The Information Commissioner’s Office (ICO) in the United Kingdom performs an annual trend study to reveal the nature of security events that get their attention.

Reporting Security Incidents: Why It’s Crucial?

The following categories of security issues can be identified with the aid of industry intelligence:


Many cyber criminals aim their attacks toward the person operating the system. The most prevalent tactic cybercriminals use to obtain sensitive information from an employee is phishing. A security incident reporting system should easily capture information regarding a potential phishing email. The incident report should include those details if the recipient opened the message or clicked on a link. Recording subsequent events enables the assessment of the severity of the incident.

Lost Equipment

There may be confidential data on company devices. Working remotely has led to a rise in the use of both company and personal devices to access corporate cloud applications. Since more and more businesses are relying on data syncing with cloud apps, a lost or stolen device can put sensitive information in the wrong hands. A lost or stolen work phone must be reported immediately so that triage may be performed and an appropriate response can be initiated.

Unintentional Disclosure of Private Information

According to the study, 58% of workers have accidentally forwarded an email to the wrong recipient. Accidental forwarding or non-sending of emails can result in data loss and non-compliance with data protection requirements. The UK’s ICO tracks trends and identifies email-related data exposure as the primary cause of security issues. Employees must report instances of sending confidential material by email to inappropriate recipients.

Incidents Not Associated with Email

Forgetting to cc a list of recipients in an email exchange is a common cause of inadvertent data exposure. When employees realize they have neglected to cc anyone on an email, they should promptly report it to initiate triage and handle the situation according to established procedures.

Three Best Practices for Security Incident Reporting

Reporting incidents has long been recognized as an effective way to improve workplace safety. Companies can contribute to a risk-free workplace and regulatory compliance by collecting H&S data. Reporting security incidents is an outgrowth of this health and safety culture that establishes guidelines for responding to potential danger. However, some standard best practices must be met before any report can be filed:

Simple Record-Keeping

Everyone should be able to use a reporting system without any training. Guide employees through the incident entry procedure to capture the most relevant information. Avoid complex registration processes and similar requirements whenever possible.

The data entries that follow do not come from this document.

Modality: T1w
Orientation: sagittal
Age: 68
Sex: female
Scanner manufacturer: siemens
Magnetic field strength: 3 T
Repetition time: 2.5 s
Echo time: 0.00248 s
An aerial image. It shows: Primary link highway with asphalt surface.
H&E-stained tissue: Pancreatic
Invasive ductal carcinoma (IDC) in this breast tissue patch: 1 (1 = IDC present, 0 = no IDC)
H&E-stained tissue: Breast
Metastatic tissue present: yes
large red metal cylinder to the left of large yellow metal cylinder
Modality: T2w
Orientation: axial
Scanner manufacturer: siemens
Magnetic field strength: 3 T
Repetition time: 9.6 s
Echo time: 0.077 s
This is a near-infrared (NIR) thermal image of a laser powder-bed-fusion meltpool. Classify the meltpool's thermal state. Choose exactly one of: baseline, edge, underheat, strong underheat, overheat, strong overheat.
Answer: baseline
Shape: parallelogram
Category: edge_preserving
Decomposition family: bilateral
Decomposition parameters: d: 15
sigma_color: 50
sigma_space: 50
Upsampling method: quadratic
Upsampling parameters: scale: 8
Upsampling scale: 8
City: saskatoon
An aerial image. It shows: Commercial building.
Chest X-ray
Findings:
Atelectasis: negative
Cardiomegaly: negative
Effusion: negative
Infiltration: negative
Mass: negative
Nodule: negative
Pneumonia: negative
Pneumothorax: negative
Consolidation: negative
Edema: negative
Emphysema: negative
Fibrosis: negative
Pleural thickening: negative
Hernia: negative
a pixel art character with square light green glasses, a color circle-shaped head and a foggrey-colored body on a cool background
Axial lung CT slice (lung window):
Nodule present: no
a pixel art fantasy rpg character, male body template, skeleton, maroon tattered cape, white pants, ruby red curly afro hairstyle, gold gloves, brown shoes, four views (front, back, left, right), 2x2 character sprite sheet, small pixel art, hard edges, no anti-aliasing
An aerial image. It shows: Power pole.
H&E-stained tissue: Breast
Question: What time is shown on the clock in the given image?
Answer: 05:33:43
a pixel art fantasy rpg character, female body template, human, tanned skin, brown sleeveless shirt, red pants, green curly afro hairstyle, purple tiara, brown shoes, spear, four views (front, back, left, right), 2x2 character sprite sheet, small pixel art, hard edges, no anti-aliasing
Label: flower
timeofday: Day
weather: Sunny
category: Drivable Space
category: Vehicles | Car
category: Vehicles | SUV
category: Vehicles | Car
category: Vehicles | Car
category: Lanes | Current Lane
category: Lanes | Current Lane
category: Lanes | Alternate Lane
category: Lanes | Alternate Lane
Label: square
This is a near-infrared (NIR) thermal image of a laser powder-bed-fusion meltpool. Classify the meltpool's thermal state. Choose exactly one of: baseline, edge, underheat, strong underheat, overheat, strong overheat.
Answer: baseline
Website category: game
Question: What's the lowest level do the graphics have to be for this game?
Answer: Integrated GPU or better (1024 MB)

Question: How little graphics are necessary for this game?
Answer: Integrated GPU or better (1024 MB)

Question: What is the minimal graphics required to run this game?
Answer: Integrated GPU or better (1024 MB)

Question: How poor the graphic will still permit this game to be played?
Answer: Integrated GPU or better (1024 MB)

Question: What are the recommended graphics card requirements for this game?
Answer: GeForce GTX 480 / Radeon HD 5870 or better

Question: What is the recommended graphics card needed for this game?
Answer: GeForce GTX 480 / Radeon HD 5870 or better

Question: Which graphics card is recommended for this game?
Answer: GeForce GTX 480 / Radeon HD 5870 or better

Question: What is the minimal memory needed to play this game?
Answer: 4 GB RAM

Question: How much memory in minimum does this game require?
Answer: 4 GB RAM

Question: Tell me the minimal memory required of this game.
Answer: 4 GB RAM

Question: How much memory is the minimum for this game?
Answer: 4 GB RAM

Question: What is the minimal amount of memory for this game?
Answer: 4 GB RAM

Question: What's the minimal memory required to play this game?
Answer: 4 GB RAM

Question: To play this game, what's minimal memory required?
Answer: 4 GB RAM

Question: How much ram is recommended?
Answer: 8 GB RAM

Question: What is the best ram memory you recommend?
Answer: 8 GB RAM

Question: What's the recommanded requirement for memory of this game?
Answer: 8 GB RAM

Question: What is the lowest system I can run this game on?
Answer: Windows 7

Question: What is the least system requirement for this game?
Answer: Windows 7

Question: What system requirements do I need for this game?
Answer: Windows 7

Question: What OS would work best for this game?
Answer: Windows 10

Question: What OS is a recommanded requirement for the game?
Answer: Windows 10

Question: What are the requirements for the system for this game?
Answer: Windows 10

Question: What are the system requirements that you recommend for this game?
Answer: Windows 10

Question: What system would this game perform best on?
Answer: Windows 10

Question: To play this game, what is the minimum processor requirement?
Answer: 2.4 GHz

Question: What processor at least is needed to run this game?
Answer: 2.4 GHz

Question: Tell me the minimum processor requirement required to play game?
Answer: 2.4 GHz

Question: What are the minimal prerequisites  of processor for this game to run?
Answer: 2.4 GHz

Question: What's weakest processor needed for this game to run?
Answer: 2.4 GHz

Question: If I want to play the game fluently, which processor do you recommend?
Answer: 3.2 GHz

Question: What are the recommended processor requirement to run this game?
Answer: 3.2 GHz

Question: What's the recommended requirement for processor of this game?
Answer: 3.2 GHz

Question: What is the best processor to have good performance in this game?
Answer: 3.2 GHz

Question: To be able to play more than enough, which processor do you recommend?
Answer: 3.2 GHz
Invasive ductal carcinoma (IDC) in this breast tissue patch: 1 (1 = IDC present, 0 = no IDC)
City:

The Right Level of Escalation

Customize incident reporting system workflows to align with the organization’s security handling approach. Prevent data breaches and security events by implementing automated workflows that deliver targeted alerts to the relevant individuals.

Examine and Report

An incident reporting system needs to have auditing and reporting capabilities. These reports can then be used to show that requirements have been met. In a data breach, the incident report might serve as the foundation for a notification report.

A security incident should never become a breach, so reporting it is crucial. The system that records incidents should support the implementation of best practices. The process starts by collecting data, which should offer simplicity for human input while providing comprehensive usefulness. Effective escalation relies on automated protocols, which also streamline the issue-reporting process.


Report cyber security incidents promptly to the Chief Information Security Officer (CISO) or their delegates for impact assessment and incident response monitoring. Compliance with reporting laws is essential for companies, ensuring prompt notification of cyber security events to government agencies, customers, and the public.